Mistik unsurların karıştığı ikinci dönemin fetihlerle birlikte genişleyen İslam imparatorluğuna çok sayıda kavmin dahil olmasıyla belirgin hale gelir. Eski inanışlardan, pagan ritüellerden, Şamanist inanç ve özellikle Hind mistisizminden önemli etkiler alan mistik tasavvufi akımlar ve şahıslar yeni Müslüman kitleler üzerinde muazzam bir etkiye sahip oldular ve neredeyse Erol Güngör’ün deyimiyle “mevcut İslam cemaatinden ayrı bir dine sahip gibi göründüler. İslam doktrini açısından büyük kusurlar ve hatalar ifade eden bu İslamlaşma, daha sonraki yıllarda milli din iddialarına kaynak olmuş…” (Erol Güngör, İslam tasavvufunun meseleleri, Yer-Su y. İstanbul-2018, s. 140.) Güngör, mistik tasavvufun İslamlaşmadaki rolünde üç faktör görür: Biri Emevilerin iktisadi sebeplerle kitlelerin İslamlaşmasına pek sıcak bakmamaları; ikincisi Asyai dinlerin spritüalist ve hayali inanışların pek dünyevi ve pratik hayat tarzını önemseyen İslamiyet’le uyum sağlayamaması; diğeri de şehirleşmemiş halk kitlelerin, göçebe aşiretlerin ulemanın takip ettiği usullerle yapılan tebliğ ve propogandanın fazla tesirli olamayışı. Yeni Müslüman kavimler İslamiyet’in ana umdelerine bağlı kalındığında mistik ihtiyaçlarına cevap verecek unsurlar bulmuyorlar, bazen da esasında yeni dini layıkıyla anlamadıklarından uzak kalıyorlardı. Bu durum tasavvufun zühd ve takvadan çıkıp mistikleşmesine yol açan önemli bir sebeptir. Tasavvufun bu yeni versiyonu Asya’nın, Horasan ve Kuzey Hindistan’ın Müslümanlaşmasında önemli rol oynadı.

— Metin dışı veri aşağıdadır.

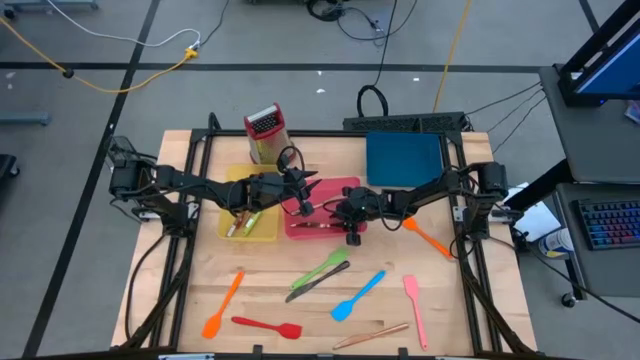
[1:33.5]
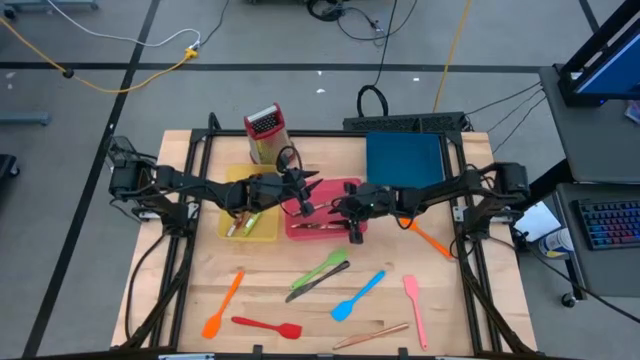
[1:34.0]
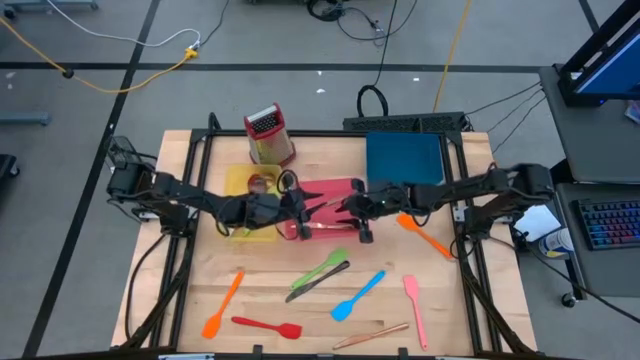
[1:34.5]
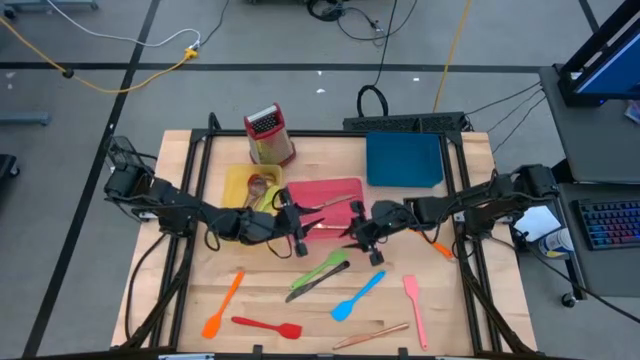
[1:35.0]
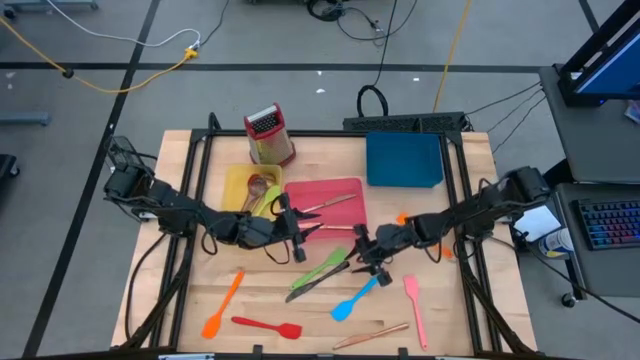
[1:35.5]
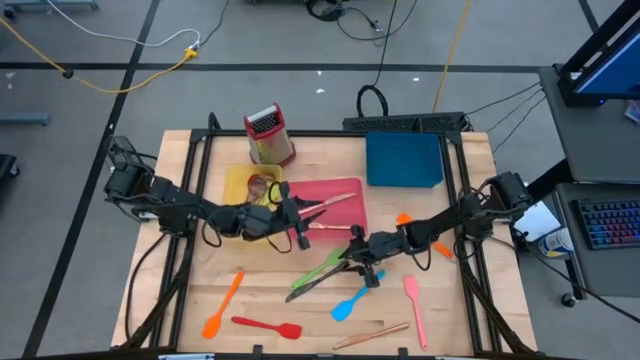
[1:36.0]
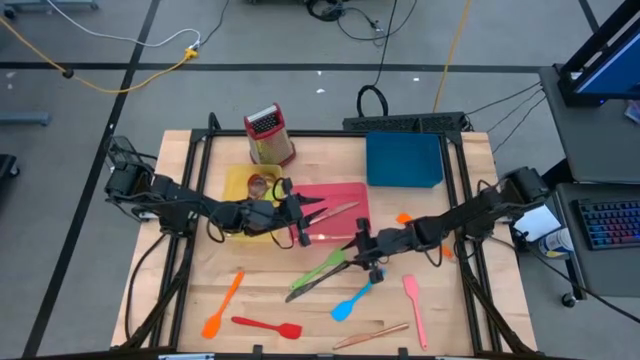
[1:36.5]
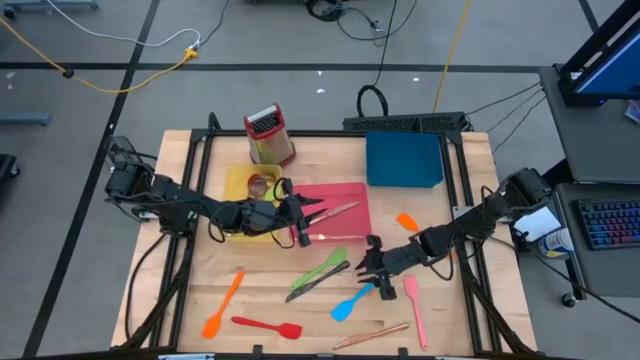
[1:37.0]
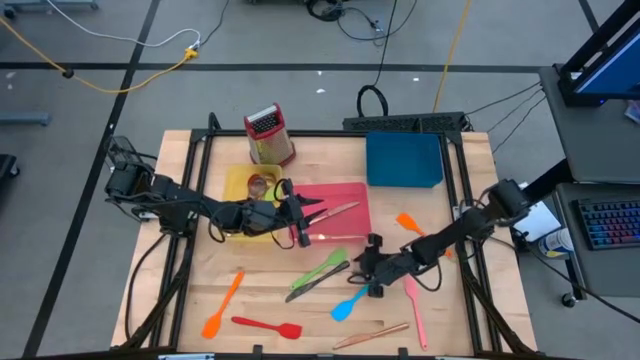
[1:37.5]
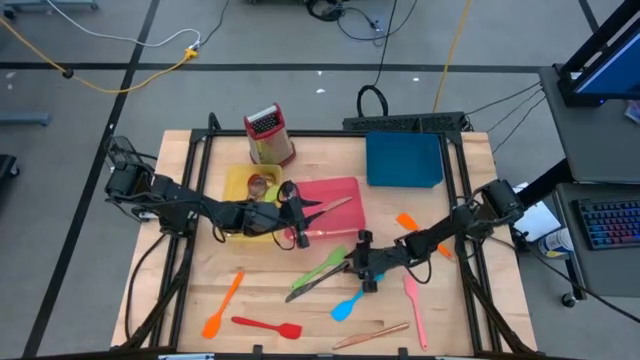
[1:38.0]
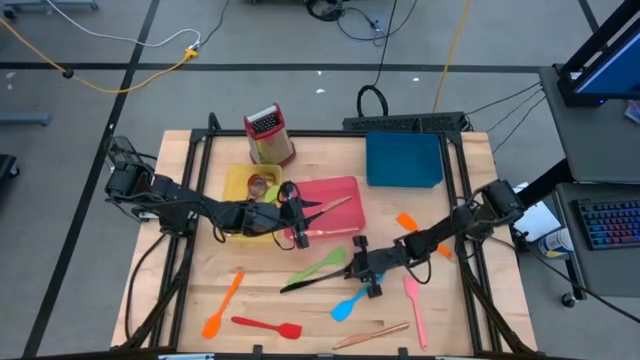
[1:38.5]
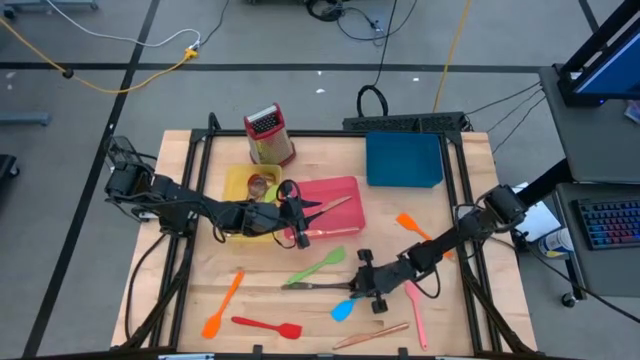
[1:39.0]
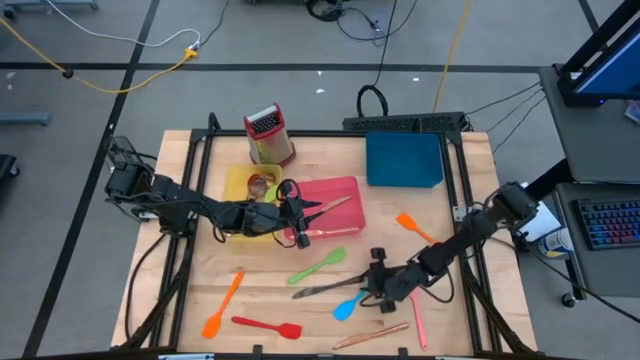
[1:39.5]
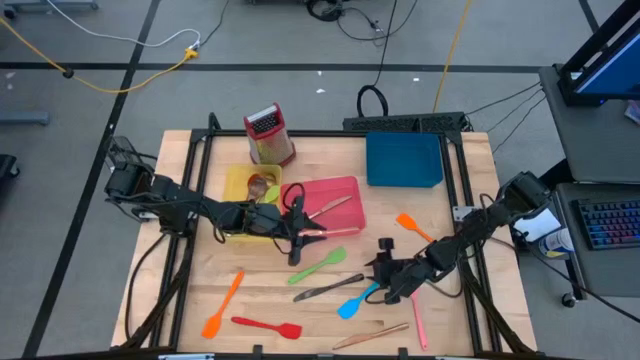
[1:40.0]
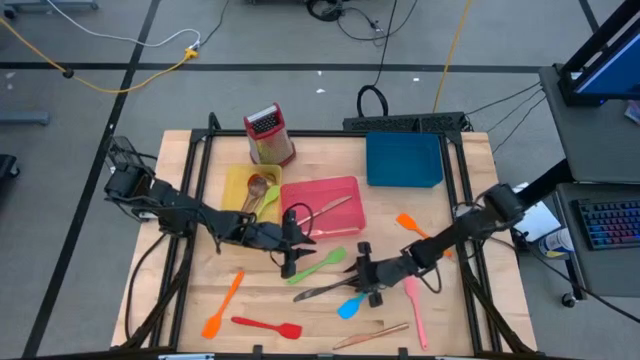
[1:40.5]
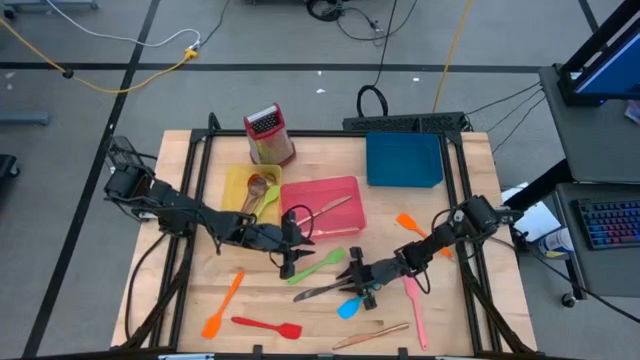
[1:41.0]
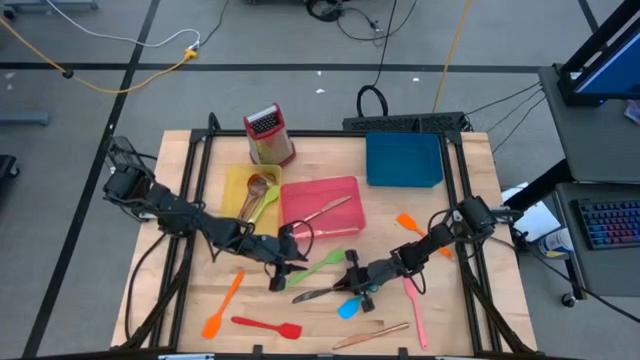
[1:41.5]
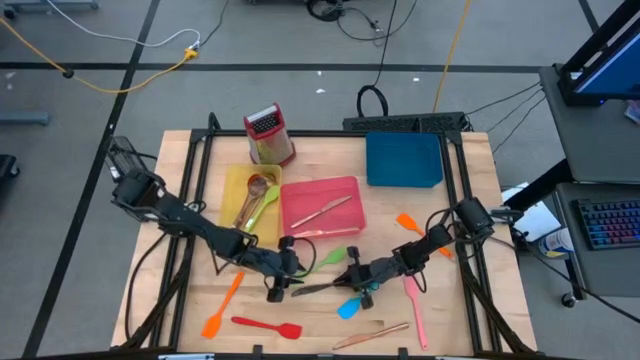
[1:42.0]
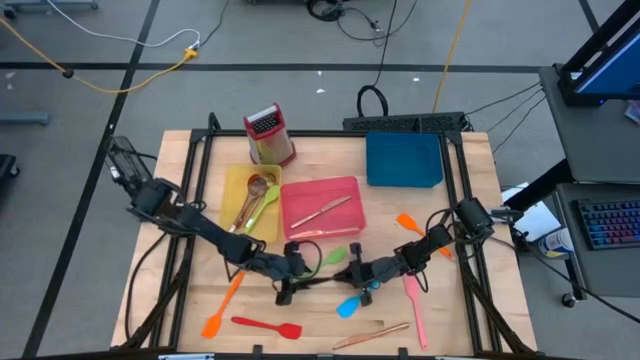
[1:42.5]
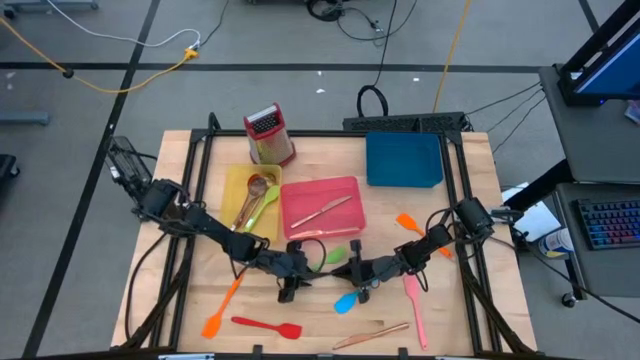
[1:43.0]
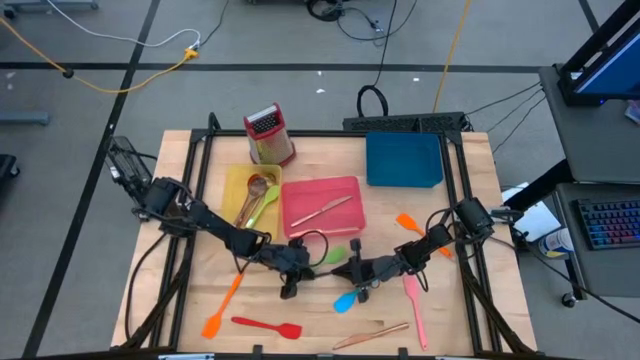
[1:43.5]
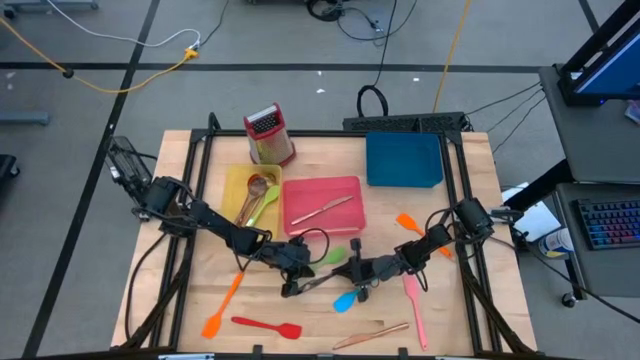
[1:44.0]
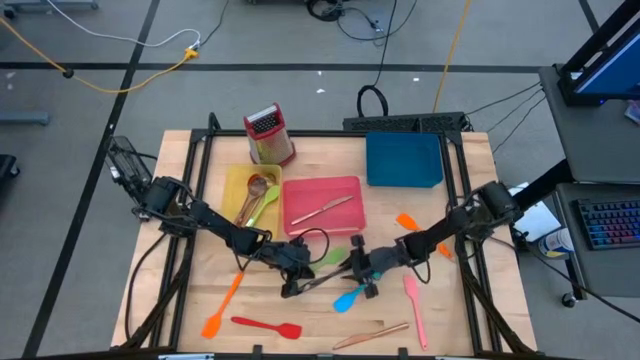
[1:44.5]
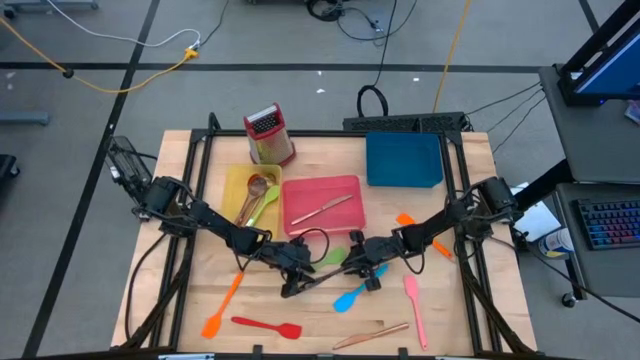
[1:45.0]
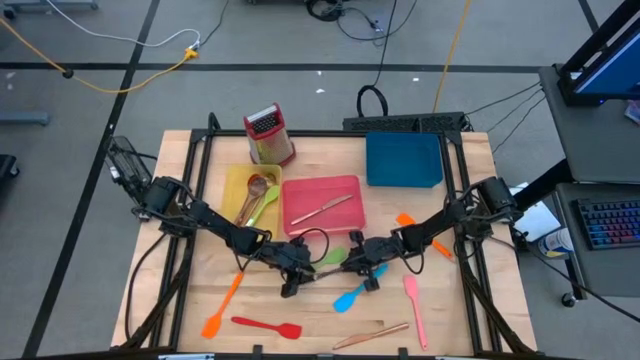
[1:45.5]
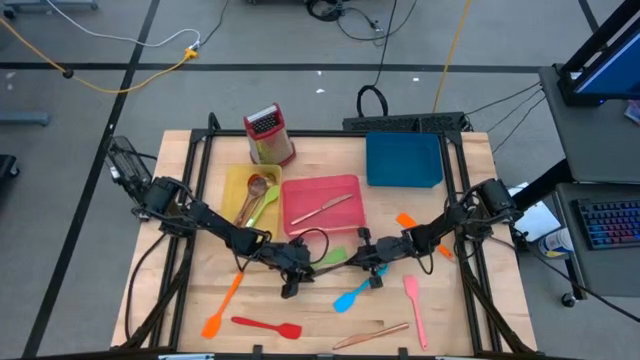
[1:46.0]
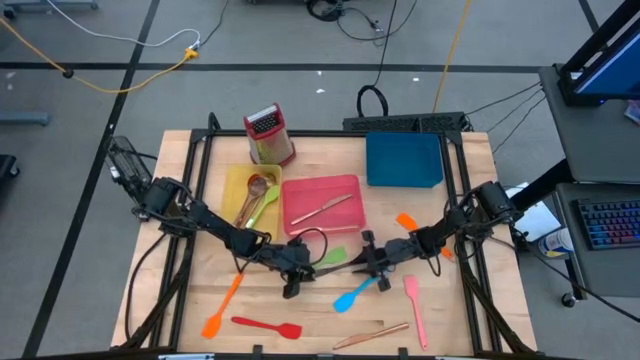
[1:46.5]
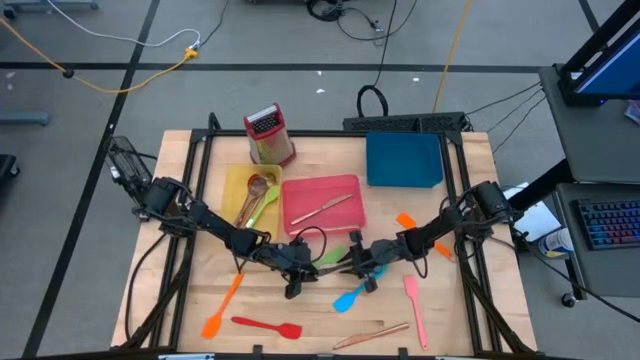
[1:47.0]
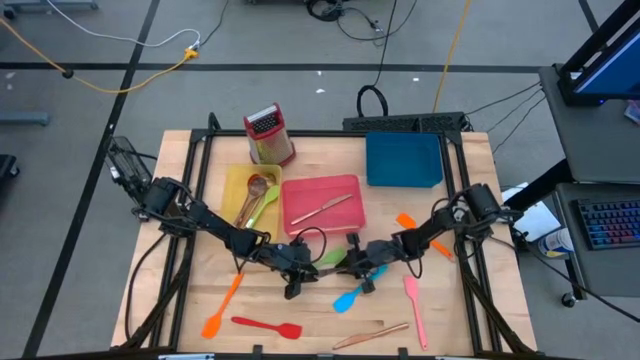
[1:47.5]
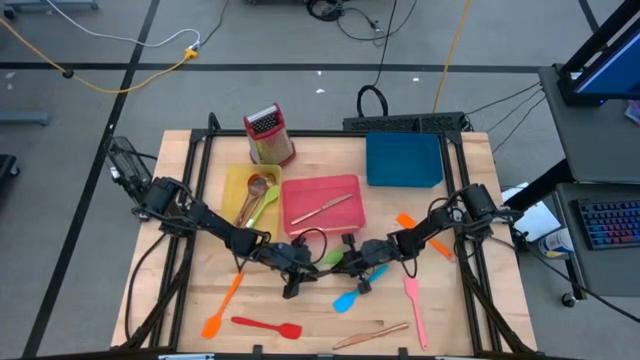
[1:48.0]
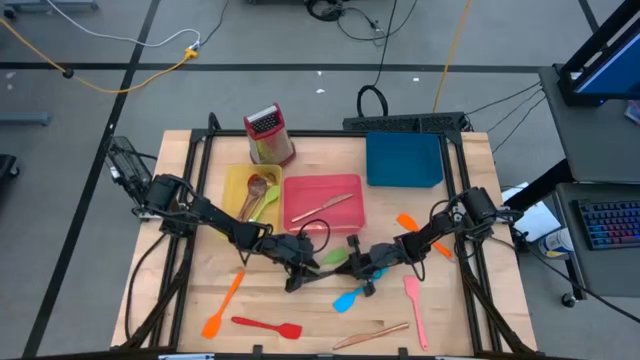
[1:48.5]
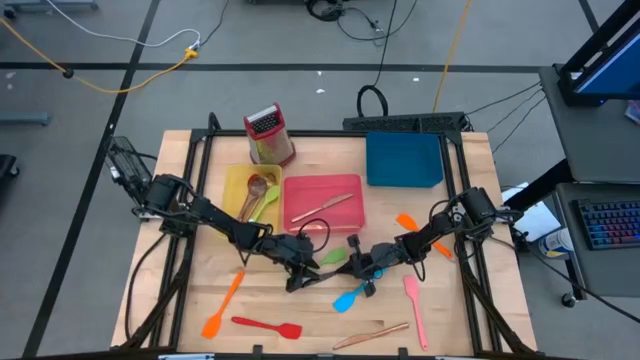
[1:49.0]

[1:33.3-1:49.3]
Task: Pick & Place Kitchen Items
Put the black table knife into the pink bin

İşte tasavvufun bu türü Türklerin dini ve manevi hayatları yanında kültürel algı ve davranışlarını şekillendirdi. Asya steplerinden kopup gelen aşiretler okuma yazma bilmez (ümmi) kimselerdi; Horasan sufilerinden birtakım şeyler öğrenmişlerdi; inançları sahih-mazbut esaslara dayanmıyordu, pek ala eski inançlarını (veli, türbe, yatır vs.) yeni dine dahil ettiler, Anadolu’nun Müslümanlaşmasında aktif rol oynadılar ama İslamiyet ve tasavvuf konusunda kendilerine öğretmenlik yaptıkları halktan daha bilgili kimseler değillerdi. “İşte bizim tarihimizde Horasan Erleri veya Erenleri denilen kimseler bunlardır” der Erol Güngör. Zaman geçtikçe bu bir tür “halk dini” halini almıştı; mistik tecrübe bakımından Sünni tasavvufla bazı benzerlikler gösterse bile, dinin esas umdeleri açısından bakıldığında bambaşka bir şeydi. Sufi Türkmenlerin medrese ile araları pek iyi değildi; medresenin inisiyatifi ele geçirdiği dönemler nisbeten sükun ve istikrar sağlandı, etkisini kaybettiği durumlarda bu mistik tarikat ve gruplaşmalar büyük problemler çıkardı. Ne olursa olsun Anadolu’nun Türkleşmesinde bu dervişlerin rolü büyük olmuştur.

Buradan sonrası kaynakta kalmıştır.